The Fourier coefficients (A_n and B_n) of the pulse can be calculated as

$\begin{array}{l}{A}_n=\frac{2}{k}{\displaystyle \sum _{s=0}^k}{x}_{s}cosn\omega t_s(\text{for}n=0,1,...,\frac{k}{2})\\ B_n=\frac{2}{k}{\displaystyle \sum _{s=0}^k}{x}_{s}sinn\omega t_s(\text{for}n=0,1,...,\frac{k}{2})\end{array}$

where ω is the angular frequency and t_s is the sampling time interval.

The amplitude (Amp_n) of each harmonic can then be calculated as $Am{p}_n=\sqrt{A_n^2+B_n^2}$. Amp_n is the amplitude of the nth harmonic of the PPG pulse harmonic spectrum.

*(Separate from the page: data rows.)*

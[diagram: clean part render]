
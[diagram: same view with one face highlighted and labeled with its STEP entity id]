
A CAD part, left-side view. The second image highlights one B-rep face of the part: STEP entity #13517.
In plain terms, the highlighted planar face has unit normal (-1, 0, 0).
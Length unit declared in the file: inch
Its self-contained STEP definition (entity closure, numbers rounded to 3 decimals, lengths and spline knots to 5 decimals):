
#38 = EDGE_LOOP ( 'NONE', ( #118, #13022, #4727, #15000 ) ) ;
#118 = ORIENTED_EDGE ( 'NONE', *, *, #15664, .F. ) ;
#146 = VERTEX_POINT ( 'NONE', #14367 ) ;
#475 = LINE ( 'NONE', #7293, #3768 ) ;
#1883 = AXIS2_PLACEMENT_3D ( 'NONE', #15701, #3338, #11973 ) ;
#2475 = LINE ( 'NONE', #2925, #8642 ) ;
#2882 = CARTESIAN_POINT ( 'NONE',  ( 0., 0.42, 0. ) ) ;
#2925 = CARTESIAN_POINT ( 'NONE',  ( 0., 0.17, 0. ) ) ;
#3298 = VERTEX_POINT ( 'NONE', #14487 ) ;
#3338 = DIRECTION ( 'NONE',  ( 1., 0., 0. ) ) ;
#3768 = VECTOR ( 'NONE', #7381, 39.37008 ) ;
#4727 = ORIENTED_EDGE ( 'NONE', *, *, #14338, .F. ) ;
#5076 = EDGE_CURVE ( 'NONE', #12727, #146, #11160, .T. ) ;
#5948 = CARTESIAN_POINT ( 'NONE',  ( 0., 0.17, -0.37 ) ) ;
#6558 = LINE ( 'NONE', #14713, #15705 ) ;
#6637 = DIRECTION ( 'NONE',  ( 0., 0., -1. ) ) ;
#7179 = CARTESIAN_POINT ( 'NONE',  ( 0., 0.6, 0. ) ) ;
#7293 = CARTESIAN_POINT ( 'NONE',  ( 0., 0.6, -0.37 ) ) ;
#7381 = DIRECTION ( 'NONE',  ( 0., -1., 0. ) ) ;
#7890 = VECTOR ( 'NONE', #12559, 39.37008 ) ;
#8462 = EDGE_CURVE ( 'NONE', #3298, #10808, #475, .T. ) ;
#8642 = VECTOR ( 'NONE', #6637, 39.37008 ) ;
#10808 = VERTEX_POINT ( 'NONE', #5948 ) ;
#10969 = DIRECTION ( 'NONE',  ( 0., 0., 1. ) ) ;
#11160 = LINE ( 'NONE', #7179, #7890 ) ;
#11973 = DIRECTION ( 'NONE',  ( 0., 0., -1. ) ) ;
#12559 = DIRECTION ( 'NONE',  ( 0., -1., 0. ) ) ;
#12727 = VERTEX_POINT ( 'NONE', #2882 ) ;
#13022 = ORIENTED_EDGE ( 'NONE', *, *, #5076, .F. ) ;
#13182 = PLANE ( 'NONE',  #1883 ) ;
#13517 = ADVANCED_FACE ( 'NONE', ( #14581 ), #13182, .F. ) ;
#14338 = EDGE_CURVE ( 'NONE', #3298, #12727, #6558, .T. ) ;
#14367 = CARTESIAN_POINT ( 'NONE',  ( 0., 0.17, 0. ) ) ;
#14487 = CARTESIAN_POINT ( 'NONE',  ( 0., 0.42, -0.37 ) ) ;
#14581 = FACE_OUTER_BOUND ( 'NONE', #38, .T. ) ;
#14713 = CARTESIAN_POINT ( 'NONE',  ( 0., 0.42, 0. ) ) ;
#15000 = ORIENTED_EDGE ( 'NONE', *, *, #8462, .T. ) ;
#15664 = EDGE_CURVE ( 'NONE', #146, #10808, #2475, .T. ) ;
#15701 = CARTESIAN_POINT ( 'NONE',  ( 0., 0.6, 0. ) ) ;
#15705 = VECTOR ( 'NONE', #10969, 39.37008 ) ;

Since the first 10 harmonics distributed most of the spectral energy of the pulse signal (23), the average value of PPG pulses was measured by pulse harmonic spectrum as the amplitude proportion (C_n) of the nth harmonic component according to Amp_n/Amp₀ ×100% for n = 1–10. The standard deviation (SD_n) and the coefficient of variation (CV_n) of the nth harmonic component of amplitude proportion were also collected to evaluate the variability in the PPG beat-to-beat waveform.

In the pulse PPG waveform, lower-frequency components occupied larger proportions in the spectral power; therefore, the lower-frequency component can be more affected by and can hence help to reflect the changes in the transmission condition for the arterial pulse. In our previous unpublished study, we also found that lower-frequency components of the harmonic ratio can be more likely to be associated with the stiffness and elasticity of the vascular wall. Thus, we defined the vascular elasticity index (VEI) for each pulse as the ratio of patients to healthy individuals with harmonic ratio1 ^* harmonic ratio 2 of the PPG pulses during each 1-min measurement period.

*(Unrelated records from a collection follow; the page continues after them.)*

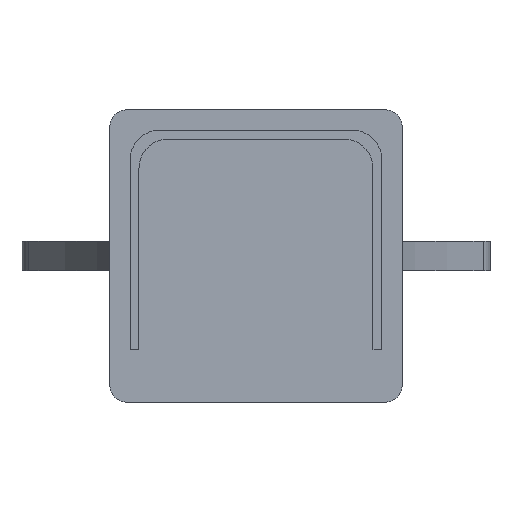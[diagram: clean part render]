
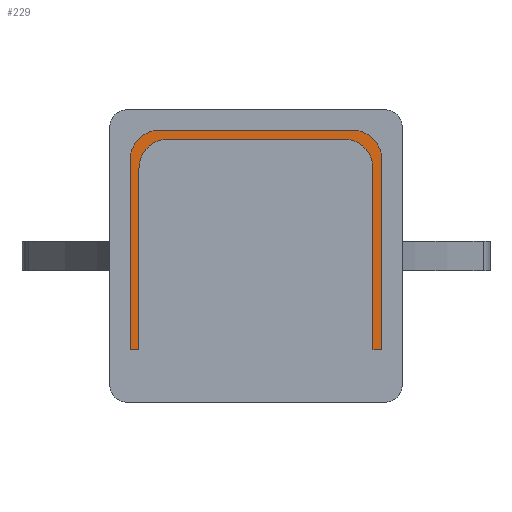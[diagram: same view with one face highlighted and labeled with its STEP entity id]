
A CAD part, front view. The second image highlights one B-rep face of the part: STEP entity #229.
In plain terms, the highlighted planar face has unit normal (0, -1, 0).
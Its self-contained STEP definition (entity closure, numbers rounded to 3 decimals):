
#3 = VERTEX_POINT ( 'NONE', #2899 ) ;
#28 = DIRECTION ( 'NONE',  ( 0., 0., 1. ) ) ;
#31 = CARTESIAN_POINT ( 'NONE',  ( 135.216, -193.352, -27. ) ) ;
#36 = VERTEX_POINT ( 'NONE', #2951 ) ;
#38 = EDGE_CURVE ( 'NONE', #3, #3079, #786, .T. ) ;
#66 = AXIS2_PLACEMENT_3D ( 'NONE', #2088, #899, #1850 ) ;
#78 = LINE ( 'NONE', #1270, #2382 ) ;
#108 = ORIENTED_EDGE ( 'NONE', *, *, #1224, .T. ) ;
#139 = DIRECTION ( 'NONE',  ( 0., -1., 0. ) ) ;
#142 = EDGE_CURVE ( 'NONE', #3079, #36, #2023, .T. ) ;
#160 = VECTOR ( 'NONE', #1743, 1000. ) ;
#229 = ADVANCED_FACE ( 'NONE', ( #1323 ), #1805, .F. ) ;
#249 = CIRCLE ( 'NONE', #1448, 10. ) ;
#270 = DIRECTION ( 'NONE',  ( 1., 0., 0. ) ) ;
#319 = CARTESIAN_POINT ( 'NONE',  ( 52.216, -193.352, 38. ) ) ;
#345 = CARTESIAN_POINT ( 'NONE',  ( 55.216, -193.352, 45. ) ) ;
#362 = CARTESIAN_POINT ( 'NONE',  ( 52.216, -193.352, 48. ) ) ;
#386 = DIRECTION ( 'NONE',  ( 0., 0., -1. ) ) ;
#428 = VERTEX_POINT ( 'NONE', #2799 ) ;
#457 = EDGE_CURVE ( 'NONE', #2047, #3, #3020, .T. ) ;
#486 = LINE ( 'NONE', #978, #2040 ) ;
#511 = VECTOR ( 'NONE', #2549, 1000. ) ;
#519 = ORIENTED_EDGE ( 'NONE', *, *, #2124, .T. ) ;
#525 = DIRECTION ( 'NONE',  ( 0., 0., 1. ) ) ;
#548 = DIRECTION ( 'NONE',  ( 1., 0., 0. ) ) ;
#595 = CARTESIAN_POINT ( 'NONE',  ( 138.216, -193.352, 38. ) ) ;
#644 = ORIENTED_EDGE ( 'NONE', *, *, #1556, .T. ) ;
#649 = DIRECTION ( 'NONE',  ( 0., 0., -1. ) ) ;
#667 = CARTESIAN_POINT ( 'NONE',  ( 125.216, -193.352, 35. ) ) ;
#691 = AXIS2_PLACEMENT_3D ( 'NONE', #1077, #139, #2753 ) ;
#710 = EDGE_CURVE ( 'NONE', #897, #428, #2290, .T. ) ;
#714 = ORIENTED_EDGE ( 'NONE', *, *, #142, .T. ) ;
#730 = CARTESIAN_POINT ( 'NONE',  ( 128.216, -193.352, 38. ) ) ;
#732 = CIRCLE ( 'NONE', #691, 10. ) ;
#755 = ORIENTED_EDGE ( 'NONE', *, *, #457, .T. ) ;
#760 = VERTEX_POINT ( 'NONE', #1002 ) ;
#786 = LINE ( 'NONE', #1971, #1319 ) ;
#897 = VERTEX_POINT ( 'NONE', #595 ) ;
#899 = DIRECTION ( 'NONE',  ( 0., 1., 0. ) ) ;
#965 = EDGE_CURVE ( 'NONE', #1784, #897, #1365, .T. ) ;
#978 = CARTESIAN_POINT ( 'NONE',  ( 95.216, -193.352, 45. ) ) ;
#995 = ORIENTED_EDGE ( 'NONE', *, *, #1782, .T. ) ;
#1002 = CARTESIAN_POINT ( 'NONE',  ( 62.216, -193.352, 48. ) ) ;
#1077 = CARTESIAN_POINT ( 'NONE',  ( 62.216, -193.352, 38. ) ) ;
#1088 = VECTOR ( 'NONE', #2086, 1000. ) ;
#1158 = EDGE_CURVE ( 'NONE', #2828, #1784, #78, .T. ) ;
#1161 = EDGE_LOOP ( 'NONE', ( #519, #1774, #755, #2632, #714, #2241, #644, #995, #108, #1912, #3053, #1175 ) ) ;
#1175 = ORIENTED_EDGE ( 'NONE', *, *, #710, .T. ) ;
#1213 = VECTOR ( 'NONE', #649, 1000. ) ;
#1224 = EDGE_CURVE ( 'NONE', #1873, #2828, #1315, .T. ) ;
#1270 = CARTESIAN_POINT ( 'NONE',  ( 135.216, -193.352, -27. ) ) ;
#1315 = LINE ( 'NONE', #2990, #2993 ) ;
#1319 = VECTOR ( 'NONE', #548, 1000. ) ;
#1323 = FACE_OUTER_BOUND ( 'NONE', #1161, .T. ) ;
#1365 = LINE ( 'NONE', #3045, #1088 ) ;
#1448 = AXIS2_PLACEMENT_3D ( 'NONE', #2890, #2625, #525 ) ;
#1550 = VERTEX_POINT ( 'NONE', #1976 ) ;
#1555 = CARTESIAN_POINT ( 'NONE',  ( 55.216, -193.352, -27. ) ) ;
#1556 = EDGE_CURVE ( 'NONE', #2817, #1550, #486, .T. ) ;
#1634 = EDGE_CURVE ( 'NONE', #760, #2047, #732, .T. ) ;
#1743 = DIRECTION ( 'NONE',  ( -1., 0., 0. ) ) ;
#1774 = ORIENTED_EDGE ( 'NONE', *, *, #1634, .T. ) ;
#1782 = EDGE_CURVE ( 'NONE', #1550, #1873, #1841, .T. ) ;
#1784 = VERTEX_POINT ( 'NONE', #2333 ) ;
#1805 = PLANE ( 'NONE',  #66 ) ;
#1830 = AXIS2_PLACEMENT_3D ( 'NONE', #730, #1967, #28 ) ;
#1841 = CIRCLE ( 'NONE', #1934, 10. ) ;
#1850 = DIRECTION ( 'NONE',  ( 0., 0., 1. ) ) ;
#1873 = VERTEX_POINT ( 'NONE', #2143 ) ;
#1912 = ORIENTED_EDGE ( 'NONE', *, *, #1158, .T. ) ;
#1934 = AXIS2_PLACEMENT_3D ( 'NONE', #667, #2829, #3067 ) ;
#1967 = DIRECTION ( 'NONE',  ( 0., -1., 0. ) ) ;
#1971 = CARTESIAN_POINT ( 'NONE',  ( 55.216, -193.352, -27. ) ) ;
#1976 = CARTESIAN_POINT ( 'NONE',  ( 125.216, -193.352, 45. ) ) ;
#2023 = LINE ( 'NONE', #345, #511 ) ;
#2040 = VECTOR ( 'NONE', #270, 1000. ) ;
#2047 = VERTEX_POINT ( 'NONE', #319 ) ;
#2086 = DIRECTION ( 'NONE',  ( 0., 0., 1. ) ) ;
#2088 = CARTESIAN_POINT ( 'NONE',  ( 0., -193.352, 0. ) ) ;
#2124 = EDGE_CURVE ( 'NONE', #428, #760, #2943, .T. ) ;
#2143 = CARTESIAN_POINT ( 'NONE',  ( 135.216, -193.352, 35. ) ) ;
#2199 = CARTESIAN_POINT ( 'NONE',  ( 95.216, -193.352, 48. ) ) ;
#2221 = DIRECTION ( 'NONE',  ( 1., 0., 0. ) ) ;
#2241 = ORIENTED_EDGE ( 'NONE', *, *, #2431, .T. ) ;
#2290 = CIRCLE ( 'NONE', #1830, 10. ) ;
#2333 = CARTESIAN_POINT ( 'NONE',  ( 138.216, -193.352, -27. ) ) ;
#2365 = CARTESIAN_POINT ( 'NONE',  ( 65.216, -193.352, 45. ) ) ;
#2382 = VECTOR ( 'NONE', #2221, 1000. ) ;
#2431 = EDGE_CURVE ( 'NONE', #36, #2817, #249, .T. ) ;
#2549 = DIRECTION ( 'NONE',  ( 0., 0., 1. ) ) ;
#2625 = DIRECTION ( 'NONE',  ( 0., 1., 0. ) ) ;
#2632 = ORIENTED_EDGE ( 'NONE', *, *, #38, .T. ) ;
#2753 = DIRECTION ( 'NONE',  ( 0., 0., 1. ) ) ;
#2799 = CARTESIAN_POINT ( 'NONE',  ( 128.216, -193.352, 48. ) ) ;
#2817 = VERTEX_POINT ( 'NONE', #2365 ) ;
#2828 = VERTEX_POINT ( 'NONE', #31 ) ;
#2829 = DIRECTION ( 'NONE',  ( 0., 1., 0. ) ) ;
#2890 = CARTESIAN_POINT ( 'NONE',  ( 65.216, -193.352, 35. ) ) ;
#2899 = CARTESIAN_POINT ( 'NONE',  ( 52.216, -193.352, -27. ) ) ;
#2943 = LINE ( 'NONE', #2199, #160 ) ;
#2951 = CARTESIAN_POINT ( 'NONE',  ( 55.216, -193.352, 35. ) ) ;
#2990 = CARTESIAN_POINT ( 'NONE',  ( 135.216, -193.352, 45. ) ) ;
#2993 = VECTOR ( 'NONE', #386, 1000. ) ;
#3020 = LINE ( 'NONE', #362, #1213 ) ;
#3045 = CARTESIAN_POINT ( 'NONE',  ( 138.216, -193.352, 48. ) ) ;
#3053 = ORIENTED_EDGE ( 'NONE', *, *, #965, .T. ) ;
#3067 = DIRECTION ( 'NONE',  ( 0., 0., 1. ) ) ;
#3079 = VERTEX_POINT ( 'NONE', #1555 ) ;

$\begin{array}{l}\frac{ratio{1}_p\times ratio{2}_p}{ratio{1}_H\times ratio{2}_H}=\frac{\text{ratio}{1}_p\times ratio{2}_p}{0.92\times 0.45}\end{array}$

This study used MATLAB (MathWorks, Natick, MA, USA) for all signal processing and SPSS version 13.0 (SPSS Inc., Chicago, Illinois, USA) for all statistical analyses. The differences between basic physiological parameters and PPG parameters were calculated by one-way analysis of variance and Tukey's HSD method for post-hoc analysis. The independent influence of basic physiological parameters on PPG indicators was calculated by logistic regression analysis. The significance level was defined as p < 0.05.

Results

A total of 170 elderly subjects (67 males and 103 females, age ≥60 years) met the inclusion criteria. A total of 102 of these individuals did not undergo PPG and were thus excluded. Sixty-eight of these individuals (29 males and 39 females, age 62–92 years) were enrolled in our study and finished the program. Nine of these individuals were diagnosed with sarcopenia according to the criteria of AWGS. The general characteristics and the other clinical or biochemical indicators of the participants are listed in Table 2. Subjects with sarcopenia had a lower BMI, lower abdominal circumference, and lower systolic pressure than those without sarcopenia, but the difference was not statistically significant. The prevalence of sarcopenia in women gender (8 out of 9, 88.9%, p = 0.046) and osteoporosis in dynapenia (7 out of 16, 43.8%, p = 0.005) were significant higher. Amplitude proportions and the variability indices of certain harmonic components within the PPG waveform are listed in Table 3, and they differed significantly or prominently between the sarcopenia and control groups. Among the four groups, the amplitude proportions were the largest in the sarcopenia group for harmonics 1, 2, 5, and 8. The differences between sarcopenia and non-sarcopenia groups were significant for harmonics 2, 5, 8, and 9. However, among the four groups, most of the SD_n-values were larger in the sarcopenia group than in the other three groups. For instance, compared with control, dynapenia, and presarcopenia, sarcopenia had largest SD_n-values for harmonics 1, 2, 3, and 5 (ratio 1, 2, 3, 5 = 0.354, 0.209, 0.137, 0.074); whereas sarcopenia had largest CV_n-values for harmonics 1, 2, 3, and 10 (ratio 1, 2, 3, 10 = 0.263, 0.310, 0.402, 0.791).

TABLE 2

Table 2. Characteristics of the study participants by control, dynapenia, presarcopenia, and sarcopenia.

TABLE 3

Table 3. Characteristics of the study participants by control, dynapenia, presarcopenia, and sarcopenia.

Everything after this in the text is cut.